Collected data entries:
* * *

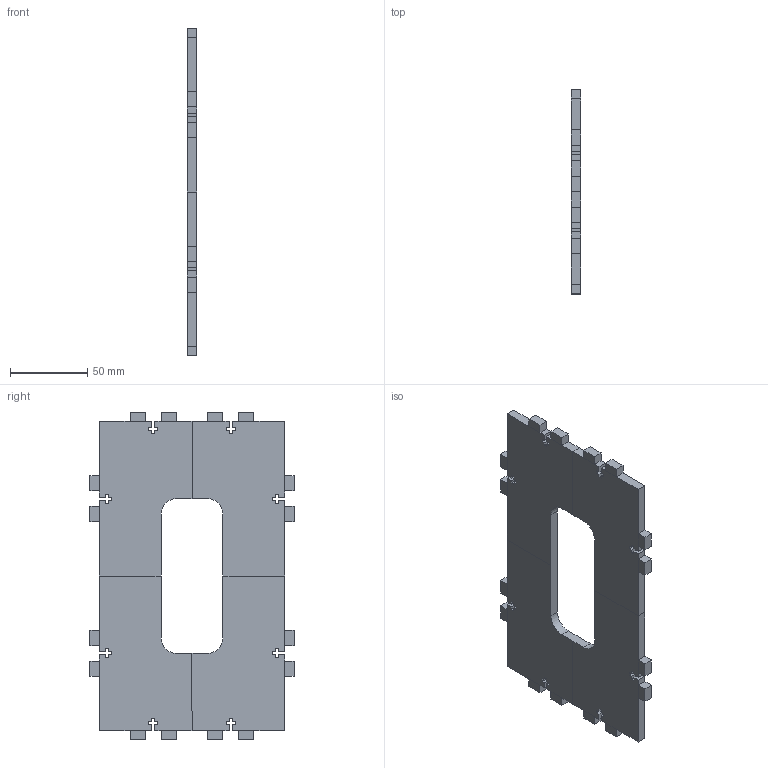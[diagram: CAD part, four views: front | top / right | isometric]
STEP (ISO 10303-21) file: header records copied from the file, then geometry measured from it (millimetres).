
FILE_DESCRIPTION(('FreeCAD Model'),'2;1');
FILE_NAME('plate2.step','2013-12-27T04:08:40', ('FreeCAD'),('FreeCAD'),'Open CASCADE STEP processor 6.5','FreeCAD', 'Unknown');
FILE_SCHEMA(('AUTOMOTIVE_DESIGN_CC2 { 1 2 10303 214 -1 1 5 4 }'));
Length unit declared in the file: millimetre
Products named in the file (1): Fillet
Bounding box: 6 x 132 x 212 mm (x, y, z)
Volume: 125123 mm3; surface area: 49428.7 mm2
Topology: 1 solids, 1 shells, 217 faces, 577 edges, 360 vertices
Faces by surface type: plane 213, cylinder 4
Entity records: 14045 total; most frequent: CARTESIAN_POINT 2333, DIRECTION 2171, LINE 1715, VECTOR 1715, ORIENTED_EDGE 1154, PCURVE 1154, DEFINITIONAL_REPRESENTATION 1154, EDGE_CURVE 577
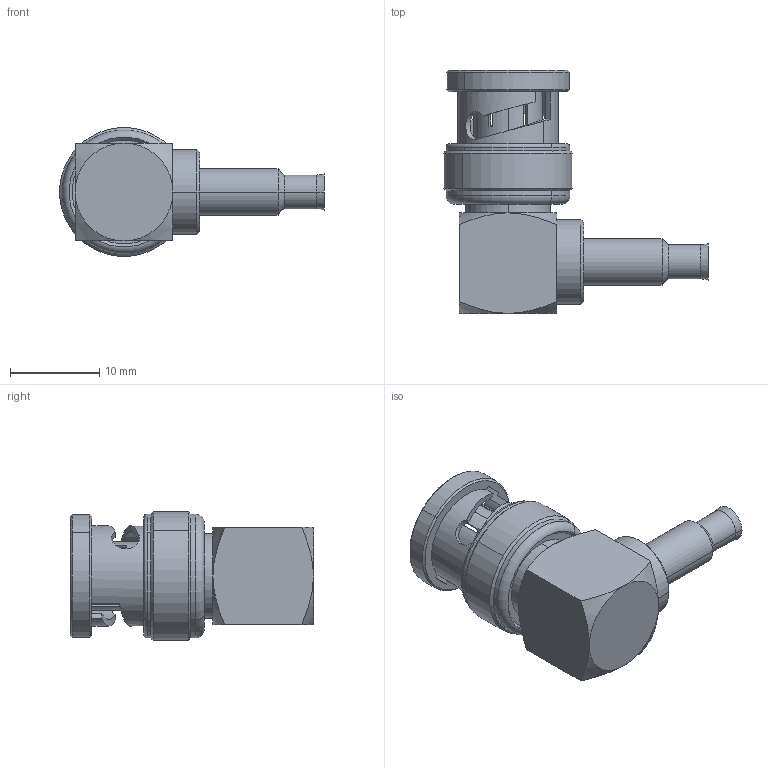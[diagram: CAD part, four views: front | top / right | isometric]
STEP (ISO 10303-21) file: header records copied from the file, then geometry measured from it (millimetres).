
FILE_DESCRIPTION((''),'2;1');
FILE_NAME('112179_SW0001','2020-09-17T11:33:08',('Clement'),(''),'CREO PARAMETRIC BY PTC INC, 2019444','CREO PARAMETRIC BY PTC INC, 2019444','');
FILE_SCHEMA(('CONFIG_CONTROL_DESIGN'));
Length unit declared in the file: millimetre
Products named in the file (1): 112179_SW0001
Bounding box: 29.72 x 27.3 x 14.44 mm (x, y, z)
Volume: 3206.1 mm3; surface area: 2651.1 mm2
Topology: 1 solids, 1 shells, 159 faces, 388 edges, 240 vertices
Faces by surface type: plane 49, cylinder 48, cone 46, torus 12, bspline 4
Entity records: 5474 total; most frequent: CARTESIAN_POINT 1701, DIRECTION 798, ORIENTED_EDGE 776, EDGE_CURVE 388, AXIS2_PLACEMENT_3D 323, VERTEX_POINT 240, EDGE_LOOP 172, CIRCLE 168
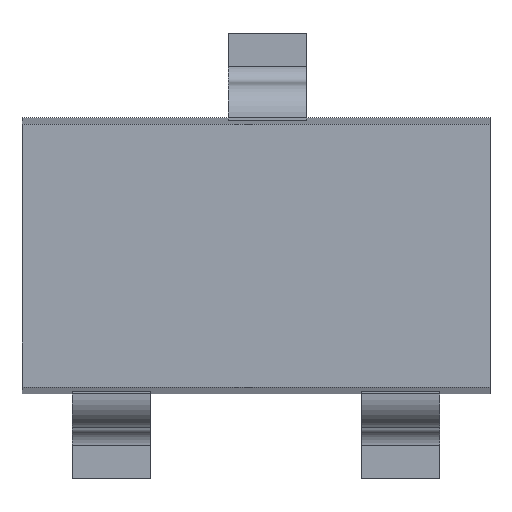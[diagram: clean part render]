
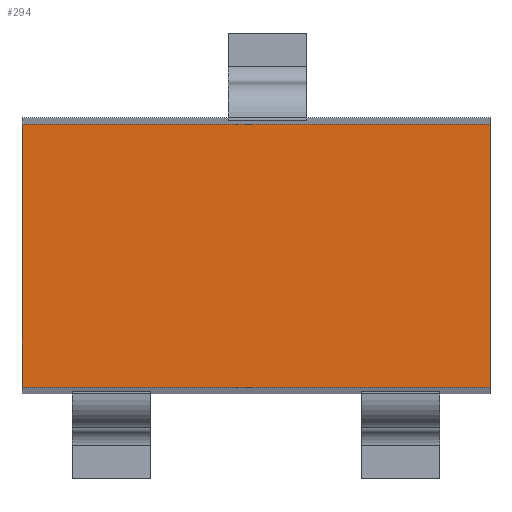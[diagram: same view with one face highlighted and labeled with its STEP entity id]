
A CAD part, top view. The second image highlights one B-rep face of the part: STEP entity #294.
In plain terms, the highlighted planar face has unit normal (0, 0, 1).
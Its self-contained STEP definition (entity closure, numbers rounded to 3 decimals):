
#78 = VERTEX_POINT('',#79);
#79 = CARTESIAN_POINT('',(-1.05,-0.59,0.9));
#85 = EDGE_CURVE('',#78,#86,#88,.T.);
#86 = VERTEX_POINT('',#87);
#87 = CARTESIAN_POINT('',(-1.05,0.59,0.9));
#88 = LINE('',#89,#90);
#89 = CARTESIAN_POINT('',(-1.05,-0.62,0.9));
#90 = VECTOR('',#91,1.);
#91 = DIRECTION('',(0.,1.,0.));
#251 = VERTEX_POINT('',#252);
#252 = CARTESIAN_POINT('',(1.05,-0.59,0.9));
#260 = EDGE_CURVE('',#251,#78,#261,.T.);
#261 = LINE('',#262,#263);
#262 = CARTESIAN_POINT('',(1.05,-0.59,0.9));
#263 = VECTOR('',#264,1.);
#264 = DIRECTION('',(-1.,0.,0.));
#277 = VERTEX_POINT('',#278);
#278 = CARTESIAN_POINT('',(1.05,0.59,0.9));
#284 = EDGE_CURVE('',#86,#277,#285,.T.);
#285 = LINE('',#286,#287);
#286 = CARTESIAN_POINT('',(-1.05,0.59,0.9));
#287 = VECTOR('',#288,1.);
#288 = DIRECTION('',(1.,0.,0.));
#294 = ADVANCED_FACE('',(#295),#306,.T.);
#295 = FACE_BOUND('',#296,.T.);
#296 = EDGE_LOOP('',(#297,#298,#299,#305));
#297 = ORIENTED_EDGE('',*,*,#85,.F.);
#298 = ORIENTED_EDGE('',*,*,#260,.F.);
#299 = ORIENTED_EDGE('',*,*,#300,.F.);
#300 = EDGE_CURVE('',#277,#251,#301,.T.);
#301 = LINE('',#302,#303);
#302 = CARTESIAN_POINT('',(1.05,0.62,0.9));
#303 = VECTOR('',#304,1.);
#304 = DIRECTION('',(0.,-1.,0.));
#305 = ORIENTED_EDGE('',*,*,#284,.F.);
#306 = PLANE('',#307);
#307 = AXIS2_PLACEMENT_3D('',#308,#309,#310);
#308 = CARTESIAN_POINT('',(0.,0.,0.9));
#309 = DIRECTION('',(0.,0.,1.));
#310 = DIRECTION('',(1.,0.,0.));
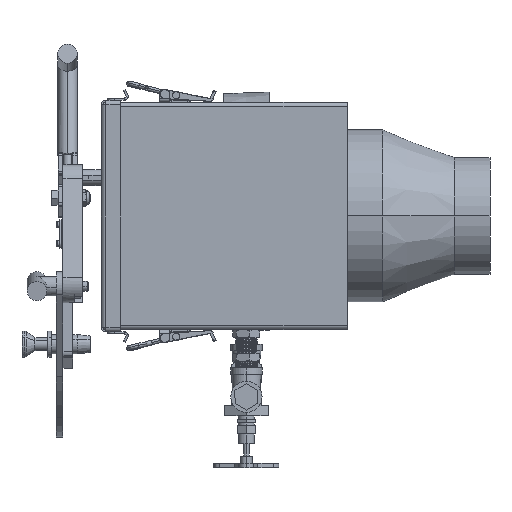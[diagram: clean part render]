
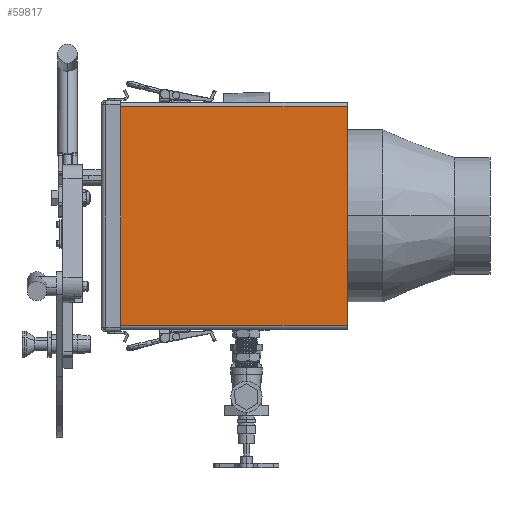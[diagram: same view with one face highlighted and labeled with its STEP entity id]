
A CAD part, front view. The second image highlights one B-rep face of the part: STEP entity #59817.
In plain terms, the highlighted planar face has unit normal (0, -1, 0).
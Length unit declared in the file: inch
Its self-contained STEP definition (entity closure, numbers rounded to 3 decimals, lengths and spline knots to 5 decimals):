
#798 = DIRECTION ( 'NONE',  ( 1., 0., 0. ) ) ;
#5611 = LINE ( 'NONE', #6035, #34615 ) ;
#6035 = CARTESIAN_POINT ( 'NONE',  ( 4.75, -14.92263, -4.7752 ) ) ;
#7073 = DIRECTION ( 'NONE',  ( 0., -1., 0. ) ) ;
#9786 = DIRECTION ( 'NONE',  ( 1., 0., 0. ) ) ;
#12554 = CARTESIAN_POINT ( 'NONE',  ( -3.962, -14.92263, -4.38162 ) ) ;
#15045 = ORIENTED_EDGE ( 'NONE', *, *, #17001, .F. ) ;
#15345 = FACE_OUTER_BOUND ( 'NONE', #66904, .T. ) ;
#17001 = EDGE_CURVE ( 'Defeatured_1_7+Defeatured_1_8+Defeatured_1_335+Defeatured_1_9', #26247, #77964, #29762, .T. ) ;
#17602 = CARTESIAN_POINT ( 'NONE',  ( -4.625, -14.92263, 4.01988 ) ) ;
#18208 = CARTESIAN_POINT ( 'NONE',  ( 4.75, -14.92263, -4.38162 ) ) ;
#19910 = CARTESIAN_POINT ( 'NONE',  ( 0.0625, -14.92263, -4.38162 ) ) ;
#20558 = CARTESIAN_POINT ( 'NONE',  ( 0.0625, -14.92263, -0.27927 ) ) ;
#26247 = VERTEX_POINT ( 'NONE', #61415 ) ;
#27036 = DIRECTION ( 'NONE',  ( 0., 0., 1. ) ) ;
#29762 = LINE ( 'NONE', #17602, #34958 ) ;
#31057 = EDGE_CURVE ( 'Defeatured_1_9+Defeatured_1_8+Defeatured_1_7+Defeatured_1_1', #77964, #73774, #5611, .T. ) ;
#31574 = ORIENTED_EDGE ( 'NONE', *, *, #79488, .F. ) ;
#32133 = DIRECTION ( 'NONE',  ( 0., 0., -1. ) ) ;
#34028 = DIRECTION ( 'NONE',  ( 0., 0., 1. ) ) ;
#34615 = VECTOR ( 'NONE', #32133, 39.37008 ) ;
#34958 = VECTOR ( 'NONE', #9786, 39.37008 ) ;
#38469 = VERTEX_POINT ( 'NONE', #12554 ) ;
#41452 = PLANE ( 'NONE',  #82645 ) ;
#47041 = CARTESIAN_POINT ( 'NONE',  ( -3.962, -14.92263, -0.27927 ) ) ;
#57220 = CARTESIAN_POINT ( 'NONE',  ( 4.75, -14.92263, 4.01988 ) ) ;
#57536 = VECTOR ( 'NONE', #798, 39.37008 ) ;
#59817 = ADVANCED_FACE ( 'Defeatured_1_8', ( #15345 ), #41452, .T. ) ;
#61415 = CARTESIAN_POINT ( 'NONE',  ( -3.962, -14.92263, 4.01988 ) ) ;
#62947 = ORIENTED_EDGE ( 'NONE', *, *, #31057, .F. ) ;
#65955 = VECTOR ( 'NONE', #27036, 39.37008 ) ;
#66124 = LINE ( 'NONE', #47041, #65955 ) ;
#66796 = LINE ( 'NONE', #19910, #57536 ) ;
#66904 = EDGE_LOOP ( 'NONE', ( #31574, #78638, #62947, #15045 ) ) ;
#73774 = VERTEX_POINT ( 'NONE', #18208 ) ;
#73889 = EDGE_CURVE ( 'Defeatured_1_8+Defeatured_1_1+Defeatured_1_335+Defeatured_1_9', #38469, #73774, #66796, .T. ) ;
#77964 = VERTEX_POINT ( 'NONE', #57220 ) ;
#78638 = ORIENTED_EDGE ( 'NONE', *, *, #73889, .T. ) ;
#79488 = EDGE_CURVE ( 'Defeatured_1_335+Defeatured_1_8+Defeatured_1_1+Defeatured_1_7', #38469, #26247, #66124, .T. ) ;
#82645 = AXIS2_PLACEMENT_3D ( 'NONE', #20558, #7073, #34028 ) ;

* * *

_EXERCISE INSTRUCTIONS:_
Within the data above, filter for lines containing the word "surface" and copy each one.

_RESPONSE AREA:_
Volume: 125123 mm3; surface area: 49428.7 mm2
Faces by surface type: plane 213, cylinder 4
Volume: 3206.1 mm3; surface area: 2651.1 mm2
Faces by surface type: plane 49, cylinder 48, cone 46, torus 12, bspline 4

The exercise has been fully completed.